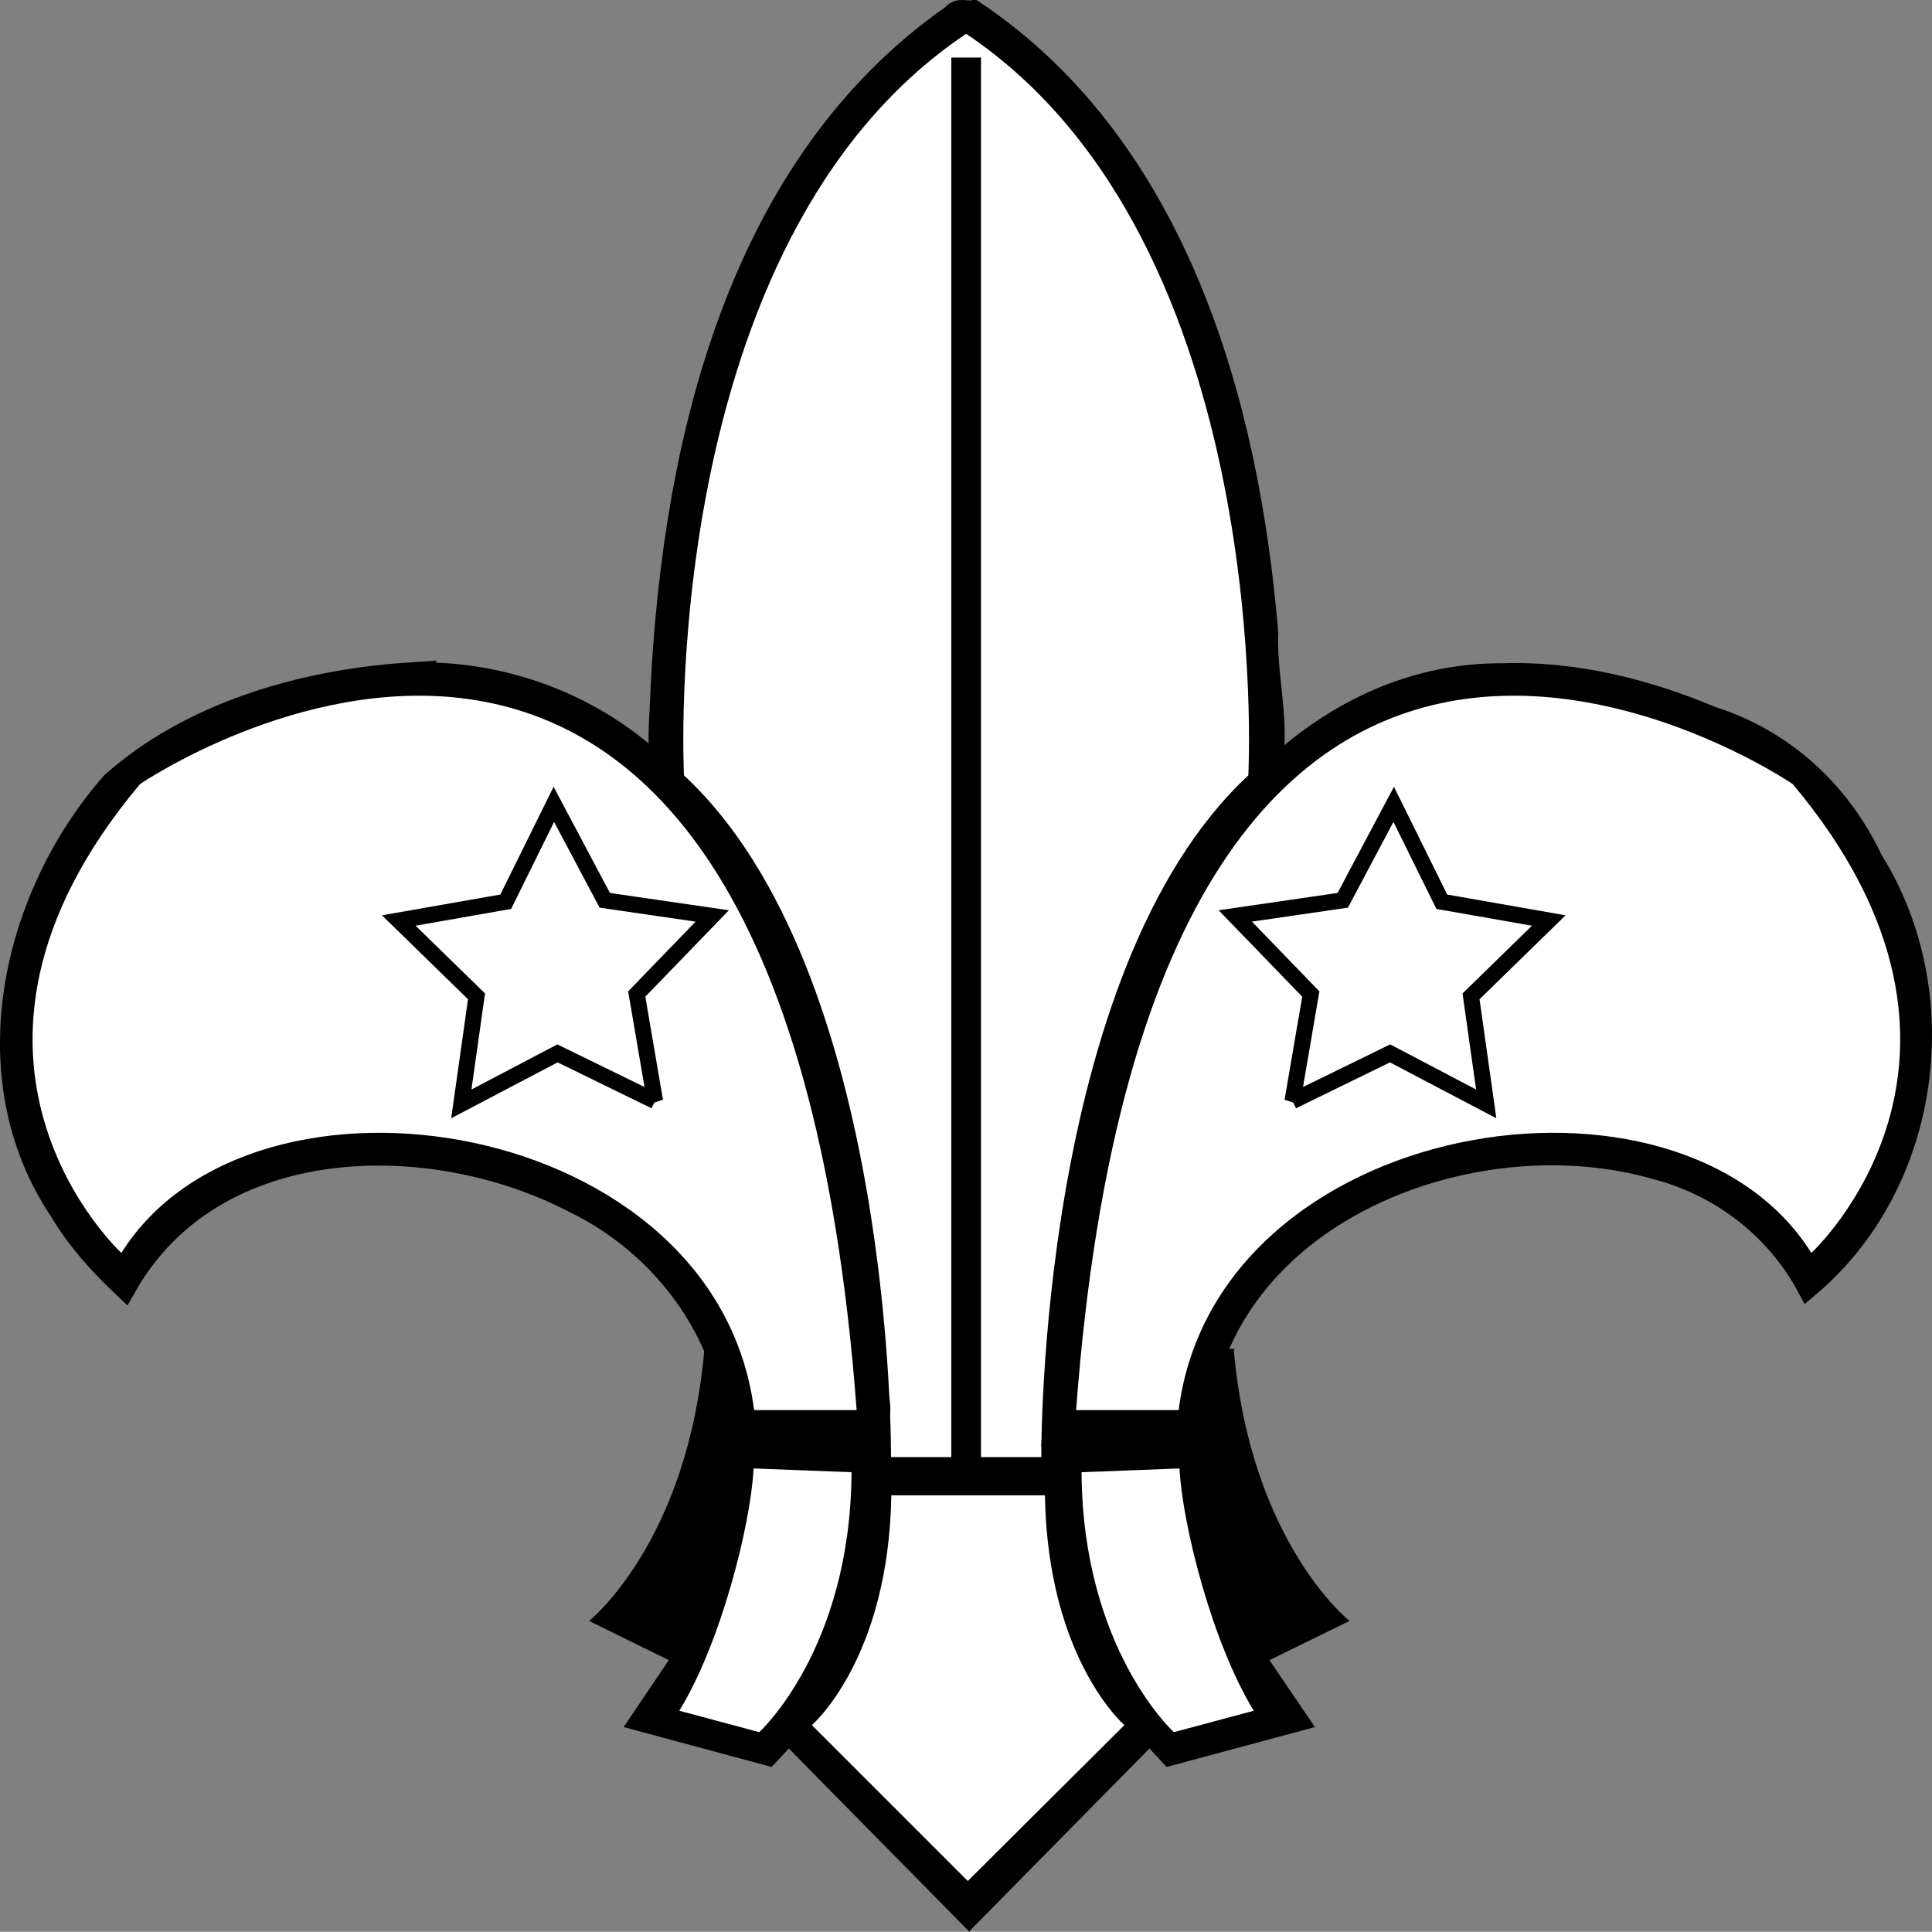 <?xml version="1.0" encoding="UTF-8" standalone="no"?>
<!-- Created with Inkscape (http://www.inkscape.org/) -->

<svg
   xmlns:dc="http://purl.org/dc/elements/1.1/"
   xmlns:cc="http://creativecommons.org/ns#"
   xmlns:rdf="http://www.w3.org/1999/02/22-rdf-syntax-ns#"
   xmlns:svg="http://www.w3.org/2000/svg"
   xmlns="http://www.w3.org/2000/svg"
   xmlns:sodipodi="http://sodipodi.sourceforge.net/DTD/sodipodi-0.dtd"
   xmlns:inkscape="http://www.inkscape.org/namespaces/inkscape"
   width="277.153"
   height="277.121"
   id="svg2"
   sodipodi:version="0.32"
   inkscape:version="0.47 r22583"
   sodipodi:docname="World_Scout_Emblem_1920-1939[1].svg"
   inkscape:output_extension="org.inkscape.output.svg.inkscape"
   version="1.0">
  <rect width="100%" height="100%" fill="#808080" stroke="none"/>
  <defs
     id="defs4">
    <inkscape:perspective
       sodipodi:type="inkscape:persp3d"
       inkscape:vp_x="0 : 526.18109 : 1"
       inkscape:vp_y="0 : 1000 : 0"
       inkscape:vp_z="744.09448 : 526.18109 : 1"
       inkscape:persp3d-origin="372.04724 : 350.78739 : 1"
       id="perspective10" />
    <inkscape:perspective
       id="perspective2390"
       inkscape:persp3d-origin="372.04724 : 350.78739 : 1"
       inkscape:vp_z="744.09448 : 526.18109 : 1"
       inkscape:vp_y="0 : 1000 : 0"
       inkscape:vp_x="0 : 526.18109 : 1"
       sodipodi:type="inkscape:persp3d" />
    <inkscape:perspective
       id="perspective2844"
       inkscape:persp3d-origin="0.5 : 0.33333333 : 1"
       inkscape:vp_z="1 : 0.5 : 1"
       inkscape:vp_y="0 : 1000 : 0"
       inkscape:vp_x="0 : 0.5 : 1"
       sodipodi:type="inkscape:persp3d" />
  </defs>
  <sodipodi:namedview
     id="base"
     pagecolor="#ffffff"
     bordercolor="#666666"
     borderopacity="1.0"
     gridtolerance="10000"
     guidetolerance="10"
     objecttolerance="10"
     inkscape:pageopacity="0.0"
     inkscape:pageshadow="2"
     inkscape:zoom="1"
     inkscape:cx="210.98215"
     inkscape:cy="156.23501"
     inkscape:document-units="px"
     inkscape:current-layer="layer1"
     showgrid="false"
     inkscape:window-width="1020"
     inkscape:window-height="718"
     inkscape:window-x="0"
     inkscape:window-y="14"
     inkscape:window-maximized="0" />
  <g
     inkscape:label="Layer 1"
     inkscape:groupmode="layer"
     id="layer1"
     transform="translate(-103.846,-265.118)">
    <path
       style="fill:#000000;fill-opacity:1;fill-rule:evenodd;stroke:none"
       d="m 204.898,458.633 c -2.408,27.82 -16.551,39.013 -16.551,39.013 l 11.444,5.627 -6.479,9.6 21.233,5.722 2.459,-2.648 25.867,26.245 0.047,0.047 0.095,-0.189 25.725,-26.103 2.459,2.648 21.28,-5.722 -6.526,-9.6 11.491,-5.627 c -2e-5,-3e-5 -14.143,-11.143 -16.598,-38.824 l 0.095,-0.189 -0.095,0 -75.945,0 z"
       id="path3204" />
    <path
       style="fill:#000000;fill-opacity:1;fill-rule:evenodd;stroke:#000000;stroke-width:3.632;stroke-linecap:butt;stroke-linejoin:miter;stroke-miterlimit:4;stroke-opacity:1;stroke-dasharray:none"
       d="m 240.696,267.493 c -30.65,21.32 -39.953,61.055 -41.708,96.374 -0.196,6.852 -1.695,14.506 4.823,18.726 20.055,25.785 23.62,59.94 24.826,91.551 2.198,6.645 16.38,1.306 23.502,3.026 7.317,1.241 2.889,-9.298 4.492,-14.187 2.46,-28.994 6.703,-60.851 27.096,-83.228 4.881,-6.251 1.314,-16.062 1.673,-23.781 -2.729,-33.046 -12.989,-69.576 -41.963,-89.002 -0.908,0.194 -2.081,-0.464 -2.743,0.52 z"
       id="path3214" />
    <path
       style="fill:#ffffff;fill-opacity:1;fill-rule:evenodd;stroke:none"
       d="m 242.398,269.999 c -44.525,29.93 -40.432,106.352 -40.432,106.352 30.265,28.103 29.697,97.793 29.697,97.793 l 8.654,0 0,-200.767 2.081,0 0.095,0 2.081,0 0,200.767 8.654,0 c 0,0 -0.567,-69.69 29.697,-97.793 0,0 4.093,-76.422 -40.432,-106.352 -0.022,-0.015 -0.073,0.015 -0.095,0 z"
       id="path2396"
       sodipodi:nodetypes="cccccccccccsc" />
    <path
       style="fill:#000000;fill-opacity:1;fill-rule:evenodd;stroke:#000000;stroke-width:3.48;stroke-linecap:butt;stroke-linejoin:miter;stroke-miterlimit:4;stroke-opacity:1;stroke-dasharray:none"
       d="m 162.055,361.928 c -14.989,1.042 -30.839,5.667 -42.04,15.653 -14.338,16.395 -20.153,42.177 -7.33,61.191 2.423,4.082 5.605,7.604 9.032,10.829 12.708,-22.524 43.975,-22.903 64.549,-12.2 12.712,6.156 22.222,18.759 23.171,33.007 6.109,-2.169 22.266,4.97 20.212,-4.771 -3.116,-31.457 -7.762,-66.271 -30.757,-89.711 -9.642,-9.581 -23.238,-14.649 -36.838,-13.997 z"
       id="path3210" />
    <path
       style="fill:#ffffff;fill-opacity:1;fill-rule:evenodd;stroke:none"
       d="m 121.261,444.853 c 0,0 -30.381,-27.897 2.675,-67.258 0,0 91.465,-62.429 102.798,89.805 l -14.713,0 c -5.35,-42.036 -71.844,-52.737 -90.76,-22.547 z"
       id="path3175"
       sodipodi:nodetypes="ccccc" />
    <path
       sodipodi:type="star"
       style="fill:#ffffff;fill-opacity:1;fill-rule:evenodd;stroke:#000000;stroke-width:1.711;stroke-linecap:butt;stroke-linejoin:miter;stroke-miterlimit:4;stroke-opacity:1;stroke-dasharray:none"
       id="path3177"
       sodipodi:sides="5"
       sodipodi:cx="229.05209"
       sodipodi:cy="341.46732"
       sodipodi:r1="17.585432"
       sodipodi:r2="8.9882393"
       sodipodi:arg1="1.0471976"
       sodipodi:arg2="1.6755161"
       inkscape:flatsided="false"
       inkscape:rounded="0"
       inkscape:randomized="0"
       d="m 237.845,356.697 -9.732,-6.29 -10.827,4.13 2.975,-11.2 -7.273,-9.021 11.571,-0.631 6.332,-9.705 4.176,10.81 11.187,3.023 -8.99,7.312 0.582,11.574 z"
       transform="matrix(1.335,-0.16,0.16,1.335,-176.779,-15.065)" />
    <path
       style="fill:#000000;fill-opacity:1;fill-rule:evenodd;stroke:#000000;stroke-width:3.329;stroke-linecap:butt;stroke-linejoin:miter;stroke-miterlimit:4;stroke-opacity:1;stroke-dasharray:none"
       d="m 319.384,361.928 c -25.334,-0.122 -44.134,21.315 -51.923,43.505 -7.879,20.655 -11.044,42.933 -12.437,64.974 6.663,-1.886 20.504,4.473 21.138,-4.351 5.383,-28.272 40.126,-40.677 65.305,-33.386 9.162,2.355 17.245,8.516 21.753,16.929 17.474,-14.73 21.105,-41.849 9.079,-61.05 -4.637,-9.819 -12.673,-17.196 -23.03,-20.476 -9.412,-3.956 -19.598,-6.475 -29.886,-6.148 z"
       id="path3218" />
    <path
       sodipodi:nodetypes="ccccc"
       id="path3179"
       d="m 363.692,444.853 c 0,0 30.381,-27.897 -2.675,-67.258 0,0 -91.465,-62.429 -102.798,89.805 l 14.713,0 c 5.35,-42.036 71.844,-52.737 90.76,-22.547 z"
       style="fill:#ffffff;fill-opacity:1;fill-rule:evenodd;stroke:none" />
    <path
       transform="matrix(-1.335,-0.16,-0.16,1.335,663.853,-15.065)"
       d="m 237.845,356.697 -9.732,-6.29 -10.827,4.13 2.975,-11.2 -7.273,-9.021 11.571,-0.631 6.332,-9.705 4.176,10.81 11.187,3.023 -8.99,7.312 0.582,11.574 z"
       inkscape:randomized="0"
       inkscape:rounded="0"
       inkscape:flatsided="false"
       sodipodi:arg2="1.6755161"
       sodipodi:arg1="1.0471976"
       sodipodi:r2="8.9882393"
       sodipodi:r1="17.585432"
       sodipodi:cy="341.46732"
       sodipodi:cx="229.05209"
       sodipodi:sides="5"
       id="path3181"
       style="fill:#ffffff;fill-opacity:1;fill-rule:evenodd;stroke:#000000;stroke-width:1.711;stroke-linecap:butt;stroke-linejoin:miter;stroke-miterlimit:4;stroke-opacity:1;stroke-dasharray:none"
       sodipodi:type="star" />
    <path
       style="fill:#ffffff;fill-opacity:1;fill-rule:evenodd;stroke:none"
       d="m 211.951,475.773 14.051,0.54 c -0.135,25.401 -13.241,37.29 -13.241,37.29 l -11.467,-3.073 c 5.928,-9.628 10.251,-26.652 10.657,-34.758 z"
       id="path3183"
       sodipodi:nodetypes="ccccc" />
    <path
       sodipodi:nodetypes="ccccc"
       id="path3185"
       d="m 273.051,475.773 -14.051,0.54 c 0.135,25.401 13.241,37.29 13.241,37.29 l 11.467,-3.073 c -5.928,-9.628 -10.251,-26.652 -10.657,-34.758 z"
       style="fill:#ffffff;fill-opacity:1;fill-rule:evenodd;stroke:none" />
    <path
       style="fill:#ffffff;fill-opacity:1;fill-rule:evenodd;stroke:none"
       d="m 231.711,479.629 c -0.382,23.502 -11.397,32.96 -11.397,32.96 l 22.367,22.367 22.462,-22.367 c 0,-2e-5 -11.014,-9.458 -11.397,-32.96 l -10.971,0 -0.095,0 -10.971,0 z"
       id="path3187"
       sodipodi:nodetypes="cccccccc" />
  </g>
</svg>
· · · · ·
WHAT TO DO:
Count the lines in the entries that hold the word "window", and give nothing but the total.

WRITTEN SOLUTION:
5